**Your objective**
In full and without deviation, reproduce the records that follow.

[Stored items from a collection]
***
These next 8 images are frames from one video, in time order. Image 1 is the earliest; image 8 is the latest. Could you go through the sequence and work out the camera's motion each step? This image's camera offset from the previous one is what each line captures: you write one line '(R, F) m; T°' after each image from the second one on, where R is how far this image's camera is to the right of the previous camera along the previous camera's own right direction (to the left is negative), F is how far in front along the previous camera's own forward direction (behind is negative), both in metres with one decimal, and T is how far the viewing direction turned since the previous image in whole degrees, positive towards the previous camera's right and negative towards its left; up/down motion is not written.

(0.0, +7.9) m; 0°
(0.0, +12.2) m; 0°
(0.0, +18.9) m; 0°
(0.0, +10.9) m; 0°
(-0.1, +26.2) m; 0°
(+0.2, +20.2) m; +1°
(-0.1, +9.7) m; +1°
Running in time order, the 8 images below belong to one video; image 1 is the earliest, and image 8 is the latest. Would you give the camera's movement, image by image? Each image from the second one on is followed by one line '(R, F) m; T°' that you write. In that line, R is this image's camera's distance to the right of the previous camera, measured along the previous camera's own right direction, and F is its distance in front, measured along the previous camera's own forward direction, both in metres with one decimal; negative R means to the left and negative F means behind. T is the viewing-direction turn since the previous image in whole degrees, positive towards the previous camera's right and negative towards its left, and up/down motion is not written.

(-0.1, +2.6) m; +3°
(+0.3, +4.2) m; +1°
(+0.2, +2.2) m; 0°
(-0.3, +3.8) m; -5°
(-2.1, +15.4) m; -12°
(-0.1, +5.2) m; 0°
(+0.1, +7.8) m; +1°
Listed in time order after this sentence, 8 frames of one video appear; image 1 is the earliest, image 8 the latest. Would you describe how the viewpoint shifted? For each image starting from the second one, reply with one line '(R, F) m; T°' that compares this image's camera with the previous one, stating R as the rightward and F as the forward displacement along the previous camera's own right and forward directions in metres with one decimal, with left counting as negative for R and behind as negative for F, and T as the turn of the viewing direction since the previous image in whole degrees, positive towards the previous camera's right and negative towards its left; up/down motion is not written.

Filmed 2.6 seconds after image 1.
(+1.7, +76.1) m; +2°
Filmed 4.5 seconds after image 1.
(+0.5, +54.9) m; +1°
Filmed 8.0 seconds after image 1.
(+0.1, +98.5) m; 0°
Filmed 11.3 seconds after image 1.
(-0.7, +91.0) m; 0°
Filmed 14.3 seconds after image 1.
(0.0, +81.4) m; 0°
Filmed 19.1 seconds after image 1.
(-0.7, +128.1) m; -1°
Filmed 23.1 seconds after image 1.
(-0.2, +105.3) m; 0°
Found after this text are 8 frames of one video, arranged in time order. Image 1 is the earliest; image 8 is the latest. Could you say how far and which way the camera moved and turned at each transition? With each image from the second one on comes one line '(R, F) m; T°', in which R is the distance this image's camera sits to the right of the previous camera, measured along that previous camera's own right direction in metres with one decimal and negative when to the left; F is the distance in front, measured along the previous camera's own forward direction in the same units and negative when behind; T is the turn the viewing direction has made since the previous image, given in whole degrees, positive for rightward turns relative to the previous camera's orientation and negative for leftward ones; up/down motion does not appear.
***
**Response to the exercise**
These next 8 images are frames from one video, in time order. Image 1 is the earliest; image 8 is the latest. Could you go through the sequence and work out the camera's motion each step? This image's camera offset from the previous one is what each line captures: you write one line '(R, F) m; T°' after each image from the second one on, where R is how far this image's camera is to the right of the previous camera along the previous camera's own right direction (to the left is negative), F is how far in front along the previous camera's own forward direction (behind is negative), both in metres with one decimal, and T is how far the viewing direction turned since the previous image in whole degrees, positive towards the previous camera's right and negative towards its left; up/down motion is not written.

(0.0, +7.9) m; 0°
(0.0, +12.2) m; 0°
(0.0, +18.9) m; 0°
(0.0, +10.9) m; 0°
(-0.1, +26.2) m; 0°
(+0.2, +20.2) m; +1°
(-0.1, +9.7) m; +1°
Running in time order, the 8 images below belong to one video; image 1 is the earliest, and image 8 is the latest. Would you give the camera's movement, image by image? Each image from the second one on is followed by one line '(R, F) m; T°' that you write. In that line, R is this image's camera's distance to the right of the previous camera, measured along the previous camera's own right direction, and F is its distance in front, measured along the previous camera's own forward direction, both in metres with one decimal; negative R means to the left and negative F means behind. T is the viewing-direction turn since the previous image in whole degrees, positive towards the previous camera's right and negative towards its left, and up/down motion is not written.

(-0.1, +2.6) m; +3°
(+0.3, +4.2) m; +1°
(+0.2, +2.2) m; 0°
(-0.3, +3.8) m; -5°
(-2.1, +15.4) m; -12°
(-0.1, +5.2) m; 0°
(+0.1, +7.8) m; +1°
Listed in time order after this sentence, 8 frames of one video appear; image 1 is the earliest, image 8 the latest. Would you describe how the viewpoint shifted? For each image starting from the second one, reply with one line '(R, F) m; T°' that compares this image's camera with the previous one, stating R as the rightward and F as the forward displacement along the previous camera's own right and forward directions in metres with one decimal, with left counting as negative for R and behind as negative for F, and T as the turn of the viewing direction since the previous image in whole degrees, positive towards the previous camera's right and negative towards its left; up/down motion is not written.

Filmed 2.6 seconds after image 1.
(+1.7, +76.1) m; +2°
Filmed 4.5 seconds after image 1.
(+0.5, +54.9) m; +1°
Filmed 8.0 seconds after image 1.
(+0.1, +98.5) m; 0°
Filmed 11.3 seconds after image 1.
(-0.7, +91.0) m; 0°
Filmed 14.3 seconds after image 1.
(0.0, +81.4) m; 0°
Filmed 19.1 seconds after image 1.
(-0.7, +128.1) m; -1°
Filmed 23.1 seconds after image 1.
(-0.2, +105.3) m; 0°
Found after this text are 8 frames of one video, arranged in time order. Image 1 is the earliest; image 8 is the latest. Could you say how far and which way the camera moved and turned at each transition? With each image from the second one on comes one line '(R, F) m; T°', in which R is the distance this image's camera sits to the right of the previous camera, measured along that previous camera's own right direction in metres with one decimal and negative when to the left; F is the distance in front, measured along the previous camera's own forward direction in the same units and negative when behind; T is the turn the viewing direction has made since the previous image, given in whole degrees, positive for rightward turns relative to the previous camera's orientation and negative for leftward ones; up/down motion does not appear.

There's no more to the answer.